Zero/zero seats will turn you right side up automatically and they have little rocket engines that take you up to a safe altitude before your chute opens. Ours were just 100 pound bombs that would just as likely shoot you straight into the ground with your chute opening afterward and settling on the crater. (We called that doing a "Bugs Bunny".)
We still had a little thrust, so I pulled back slightly and we gained altitude, I was beginning to feel a little better. I put a left bank into the stick and ...
The aircraft banked RIGHT! This is not good. We were no longer pilots. Now we were just passengers. ( I found out later that the fire had burned through the control cables.) I did feel relieved, though. Because now it was a no-brainer. We had to eject.
I told Jim, "Prepare to egress, stow all loose items!" A few things right herre about bailing out of a plane. First pull in your legs or you'll be a lot SHORTER, if you know what I mean. Second, stow loose items or that pencil in your lap will make it impossible to have children later. third, lean your neck back and tighten up your neck muscles or your tongue will touch your toes as you punch out.
If you've ever jumped out the the swingset, you know what a "zoom and boom" maneuver is. We trade all our speed for altitude, the plane stalls out, we eject at the top. I used the trim tabs to trim the plane nose down so that it would go straight back to the ground after we left. then I yelled, "EJECT! EJECT! EJECT! ( You always say it three times and never use that word until you mean it. We used to tell the students that if they heard us say "eject" the third time, they would be flying solo, whether they were ready for it or not.)
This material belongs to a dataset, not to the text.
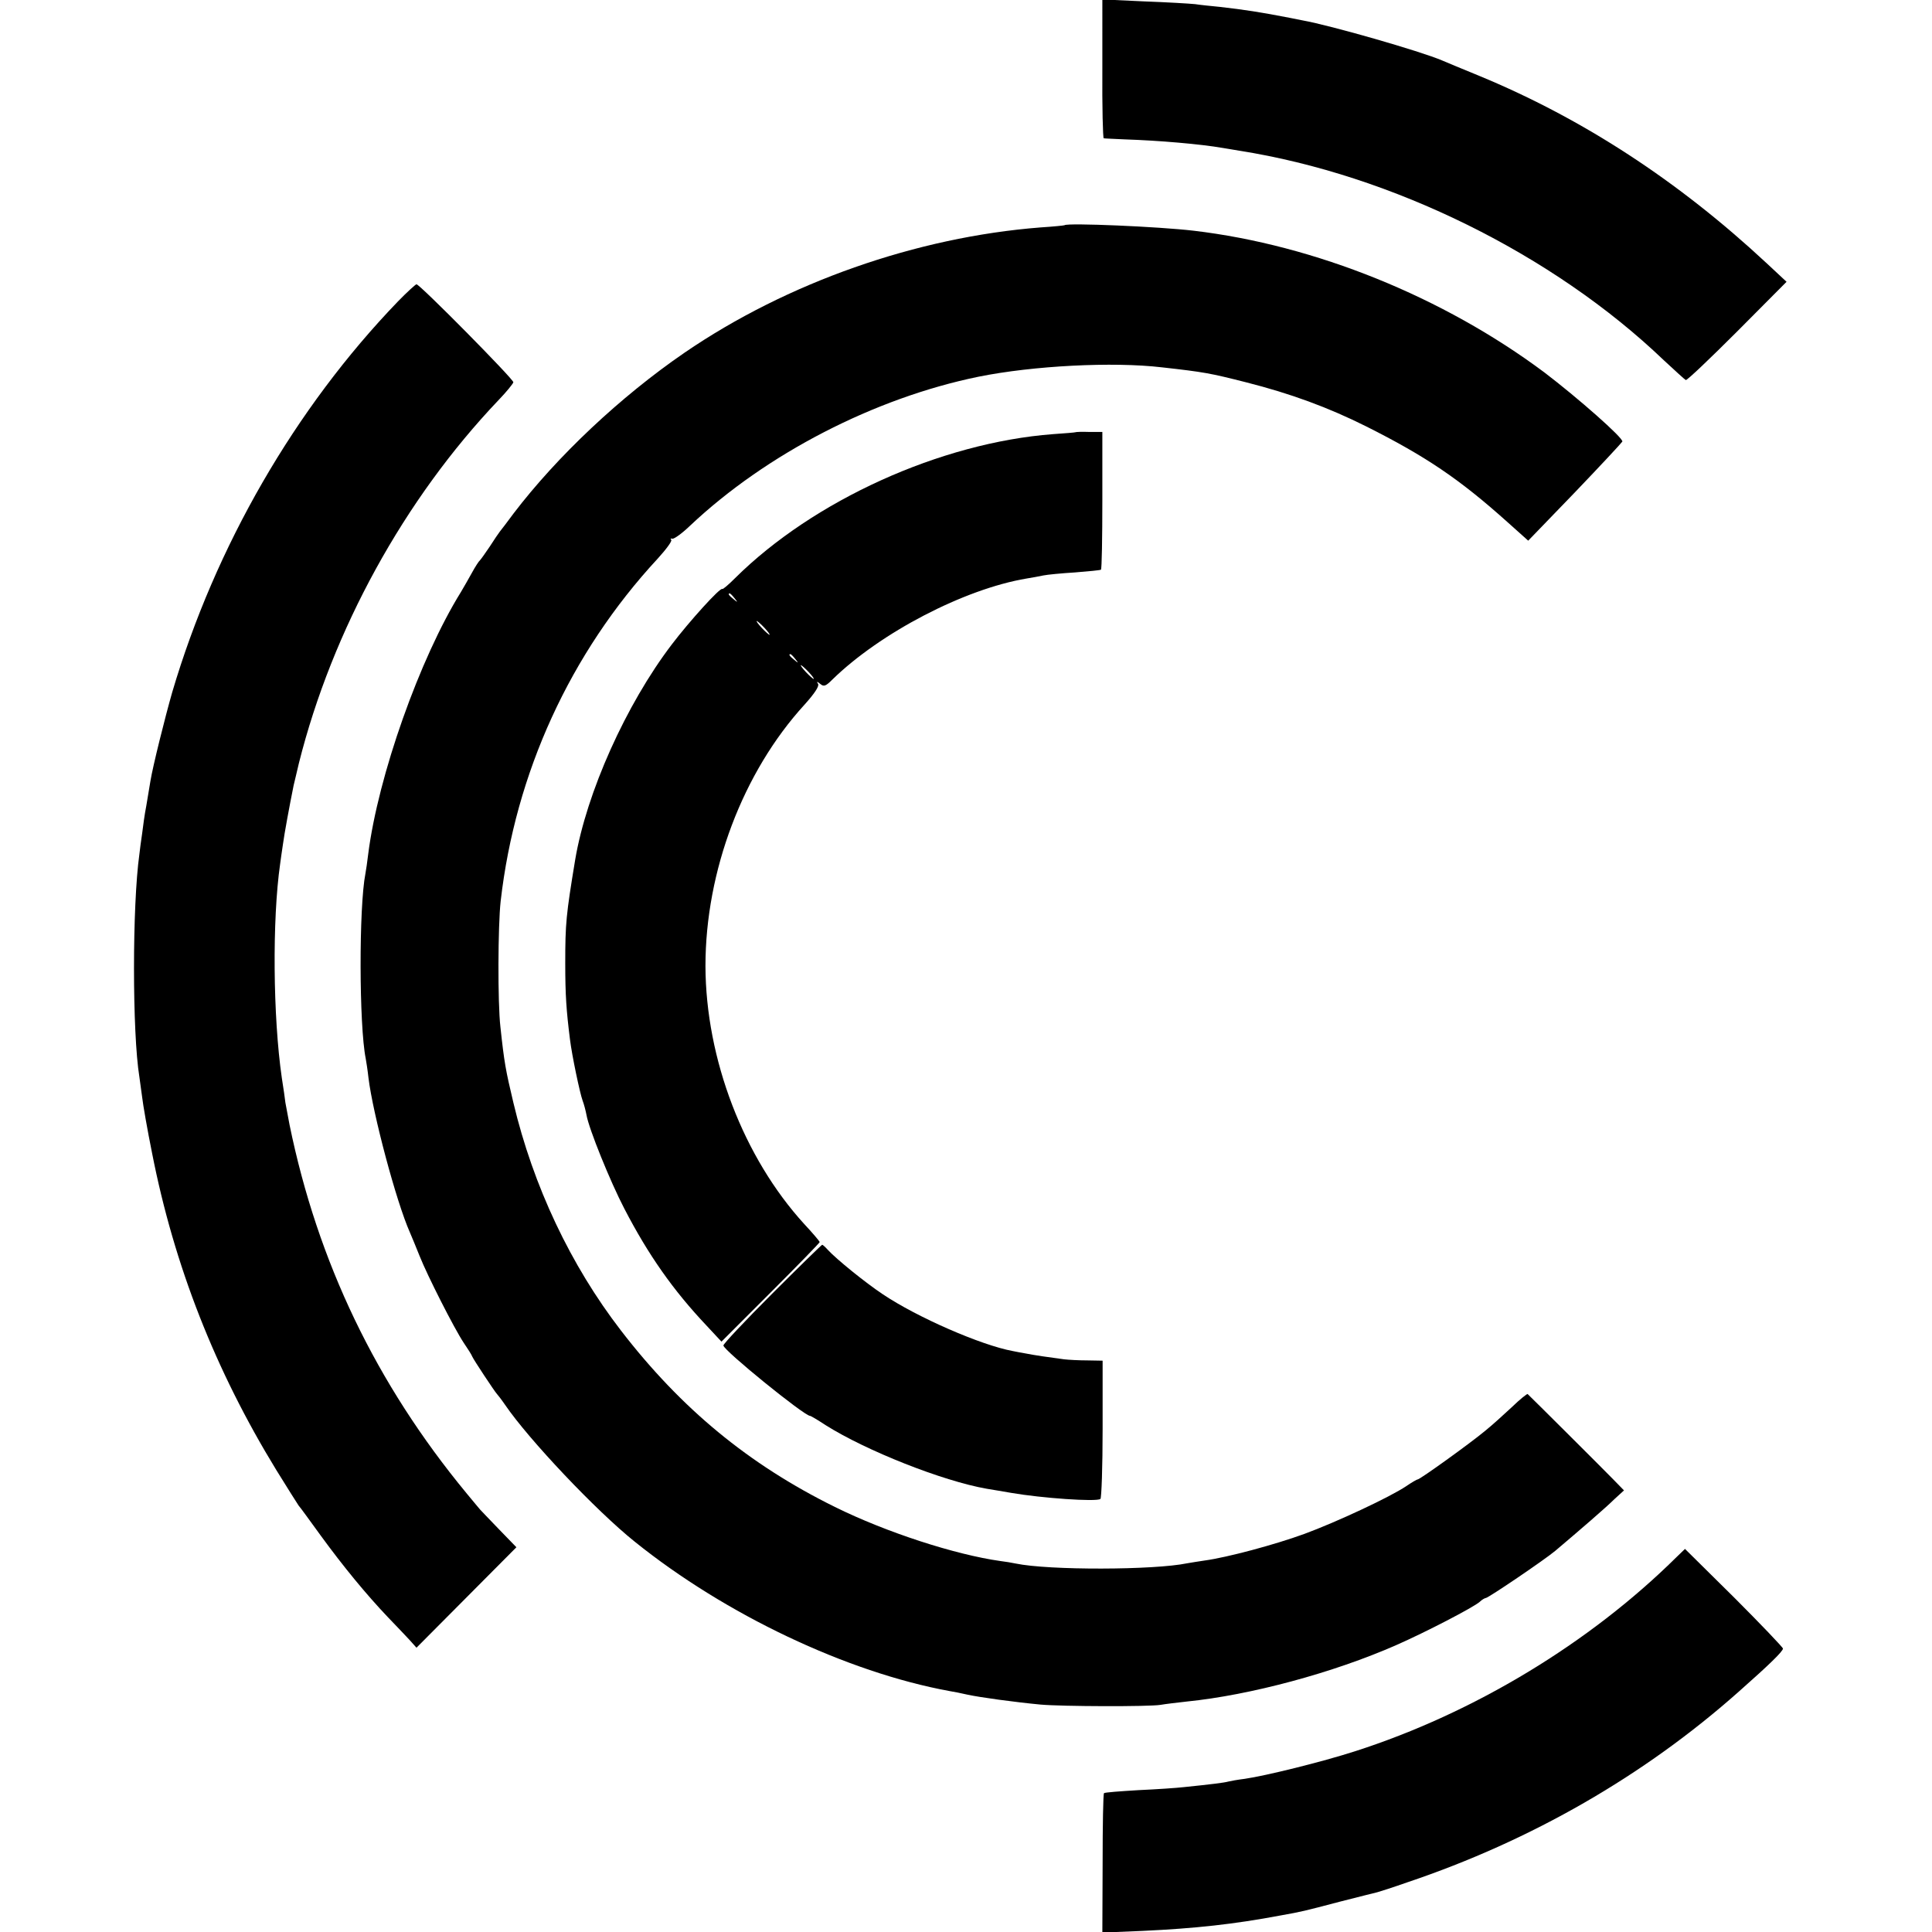 <svg height="700pt" preserveAspectRatio="xMidYMid meet" viewBox="0 0 700 700" width="700pt" xmlns="http://www.w3.org/2000/svg"><g transform="matrix(.1 0 0 -.1 0 700)"><path d="m3994 6751c-1-138 2-252 5-252 3-1 38-2 76-4 123-4 275-17 355-31 14-2 41-7 60-10 553-87 1138-376 1538-759 41-38 77-71 80-72 4-2 88 78 186 176l179 180-74 69c-318 296-664 522-1039 677-63 26-124 51-135 56-80 34-404 127-505 145-14 3-34 7-45 9-108 21-167 30-255 40-30 3-71 7-90 10-19 2-103 7-185 10l-151 7z"/><path d="m3857 6184c-1-1-40-5-87-8-449-35-919-200-1290-454-233-160-461-375-619-582-22-30-45-60-50-66-4-5-21-30-37-55-16-24-32-46-35-49-4-3-17-23-29-45s-30-53-40-70c-149-240-300-666-336-950-3-27-8-59-10-70-24-122-23-551 1-670 2-11 7-42 10-70 16-131 101-450 150-560 7-16 23-55 35-85 28-71 126-264 160-315 15-22 29-44 31-50 5-12 82-128 89-135 3-3 17-21 30-40 86-126 330-384 470-496 328-264 769-473 1140-541 14-2 43-8 65-13 46-10 170-27 265-36 78-7 393-8 435-1 17 3 59 8 95 12 229 23 531 104 760 205 107 47 278 136 301 156 8 8 19 14 22 14 9 0 214 139 252 171 84 71 184 157 214 187l35 32-40 41c-31 32-292 292-309 308-2 2-28-19-57-47-29-27-73-67-98-87-54-45-235-175-243-175-3 0-22-11-41-24-59-40-254-131-371-174-107-39-279-85-360-96-22-3-50-8-63-10-120-25-502-26-622-1-14 3-38 7-55 9-164 23-414 104-600 196-312 154-557 356-775 639-182 236-318 523-390 826-28 118-33 144-47 275-10 86-9 367 1 455 53 464 252 899 569 1241 31 34 53 64 49 68s-2 6 4 4c7-1 36 20 65 48 276 260 668 462 1044 539 198 40 487 55 665 34 152-17 174-21 304-54 162-41 298-91 436-160 215-108 337-190 511-346l76-68 169 175c93 97 170 180 172 184 5 12-162 159-283 251-366 273-830 461-1270 513-127 15-457 29-468 20z"/><path d="m1442 5908c-373-387-662-888-818-1416-26-91-70-267-79-322-3-19-10-60-15-90-6-30-12-75-15-100-4-25-8-58-10-75-26-186-26-647 0-807 2-13 6-45 10-73 3-27 19-119 36-203 80-408 229-787 450-1148 40-65 77-123 81-129 5-5 41-55 81-110 81-111 164-212 243-295 29-30 64-67 78-82l25-28 181 182 181 182-63 65c-35 36-65 68-68 71s-25 30-50 60c-327 396-539 837-641 1335-6 33-13 69-15 80-1 11-7 52-13 90-32 221-35 573-6 775 2 14 6 45 10 70 5 38 24 141 39 215 3 11 11 47 19 80 121 482 382 957 723 1315 29 30 53 60 54 65 1 11-339 355-351 355-3 0-34-28-67-62z"/><path d="m3897 5434c-1-1-38-4-82-7-407-31-868-240-1152-522-23-23-44-41-46-39-7 7-120-118-183-201-166-218-309-537-350-780-33-200-36-231-36-375 0-116 4-171 17-275 7-58 36-196 46-223 5-13 11-36 14-52 9-51 86-241 137-339 87-168 177-296 298-424l54-58 178 178c98 98 178 180 178 183-1 3-25 32-56 65-220 241-357 598-358 935 0 343 135 702 359 947 36 40 54 67 49 75-6 10-5 10 8 0 13-11 20-8 44 16 173 169 477 328 704 366 19 3 46 8 60 11s66 8 115 11c50 4 92 8 94 10 3 2 5 116 5 252v247h-48c-26 1-48 0-49-1zm-1236-601c13-16 12-17-3-4-17 13-22 21-14 21 2 0 10-8 17-17zm109-108c13-14 21-25 18-25-2 0-15 11-28 25s-21 25-18 25c2 0 15-11 28-25zm111-112c13-16 12-17-3-4-17 13-22 21-14 21 2 0 10-8 17-17zm49-48c13-14 21-25 18-25-2 0-15 11-28 25s-21 25-18 25c2 0 15-11 28-25z"/><path d="m2797 2312c-97-97-177-182-176-187 1-18 293-255 314-255 3 0 28-15 57-34 146-92 423-202 583-230 17-3 56-9 89-15 110-19 308-33 323-22 4 3 8 117 8 254v247l-55 1c-30 0-68 2-85 4-47 6-115 16-138 21-12 2-34 6-48 9-114 21-346 122-471 206-63 42-168 127-199 161-9 10-18 18-20 18s-84-80-182-178z"/><path d="m6075 1359c-315-312-735-566-1165-704-121-39-324-89-400-100-25-3-52-8-60-10-14-4-62-10-160-20-25-3-99-8-165-11-66-4-122-8-125-11s-5-117-5-255l-1-250 146 6c191 9 330 24 500 56 78 14 82 15 215 50 66 17 127 32 135 34s58 18 109 36c449 151 859 387 1201 691 112 99 160 146 160 156 0 4-80 88-177 185l-178 176z"/></g></svg>

Jumping out at around 100 mph must feel much like getting swatted with a flyswatter does to a fly. The wind is incredible. The "buttkicker strap" threw my seat away from me and since the "zero delay lanyard" was connected, the seat automatically pulled my ripcord. I got a good chute, no twists or line-overs.
I looked over and saw Jim, he gave me a "thumbs up" to indicate he was fine.
The plane wobbled a bit, then...
FLATTENED OUT AND TOOK OFF LIKE A GUIDED MISSLE! I couldn't believe what I was seeing. It shouldn't be able to do that... but it was. Straight out and straight at Enid OK which was five miles off the end of our runway. I found out later that it did destroy a structure. Nuked it good, but no one was there at the time, since it was 0430 in the morning. And of course the Air Force rebuilt the structure for the owners, better than new.
As for me, I came down in a freshly plowed field and ate approximately 3 lbs. of Oklahoma dirt. Otherwise I was fine. I had to retell this story to the next 5 classes of incoming students, since I was the only pilot on the base that had ejected at the time.
Jim came down on the power lines, but he was fine too. His only gripe was that some Okies had come along but wouldn't help him climb down unless he gave them his helmet. (A very expensive item that is specifically formed to the individual pilot's head.)
The Air Force's investigation revealed that I had taken a birdstrike to the right engine and that the pieces of broken turbine had traveled over to the other engine and broken it, so I didn't have to pay for a 6 million dollar aircraft! Whew!
We fondly call that, "Giving the plane back to the taxpayers!"

So I lived happily ever after..so far.